F# has always been a fascinating .NET language. You can easily mistake Visual Basic for C# nowadays, and even PowerShell’s idiosyncrasies are getting smoothed out, but you can’t mistake F# for any other leading .NET language.
Until its full integration into Visual Studio in late 2005, F# may have seemed to be a specialised language for those esoteric purposes where analytical programming is suitable. But, by combining F# Interactive with Visual Studio, F# users became able to develop fast, accurate code using Visual Studio’s background type-checking and IntelliSense, while exploring a problem space using F# Interactive.
Now that F# 3.0 has introduced the idea of type providers using LINQ, it has grown into a strong candidate for a wide range of data applications.

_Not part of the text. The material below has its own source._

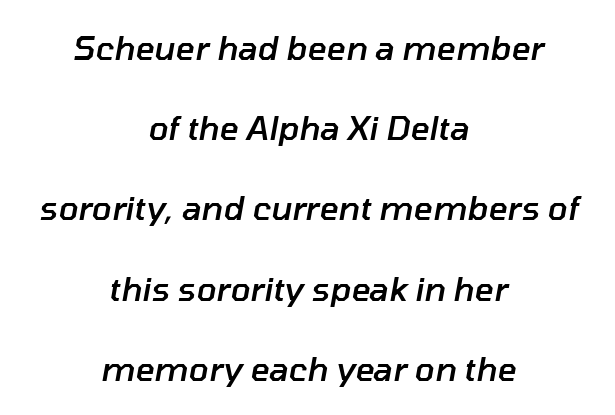
{"italic": "yes", "lean": "right", "slant_degrees": 10, "bold": "semi", "weight": "semibold", "width": "normal", "stroke_contrast": "low", "x_height": "medium", "monospaced": "no", "underline": "no", "align": "center", "line_spacing": "loose", "line_spacing_ratio": 2.43, "letter_spacing": "normal", "letter_spacing_em": 0.0, "glyph_px": 33}
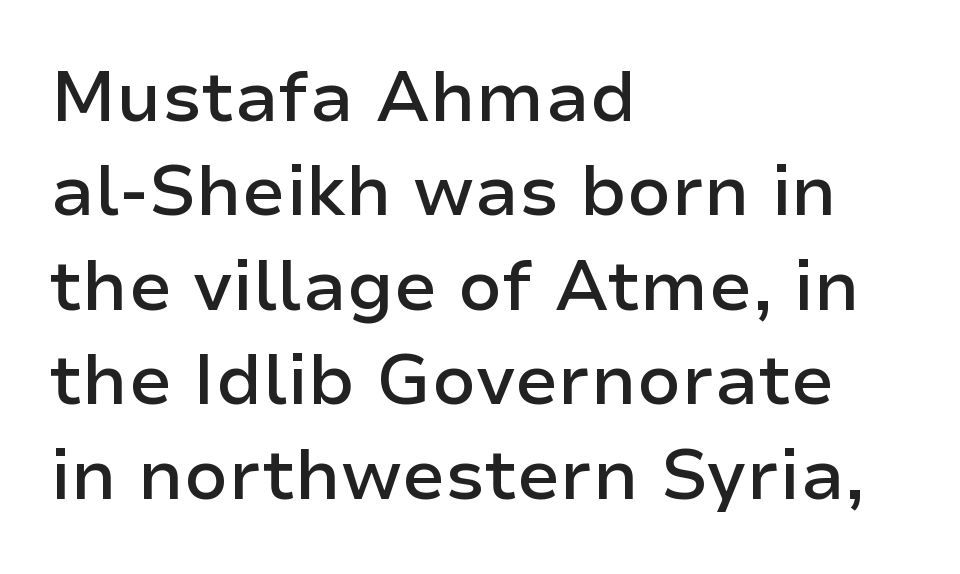
{"serif": "no", "italic": "no", "bold": "semi", "weight": "semibold", "width": "normal", "stroke_contrast": "low", "x_height": "medium", "monospaced": "no", "underline": "no", "align": "left", "line_spacing": "normal", "line_spacing_ratio": 1.35, "letter_spacing": "normal", "letter_spacing_em": 0.0, "glyph_px": 70}

F# 3.0 aims to be able to integrate data from a variety of external information sources, such as web information, web services, data markets and enterprise data, in a way that is extensible and strongly-typed. It is then able to inter-operate with them using the power of Visual Studio.
So, what exactly are type providers, and why does Don Syme reckon they’re so important that C# and VB will soon be using them? Why should we be considering F# for data-rich applications? To find out, we caught up with Don over a cup of coffee, to ask him about the latest developments in F#3.0 and canvas his views on functional programming in general.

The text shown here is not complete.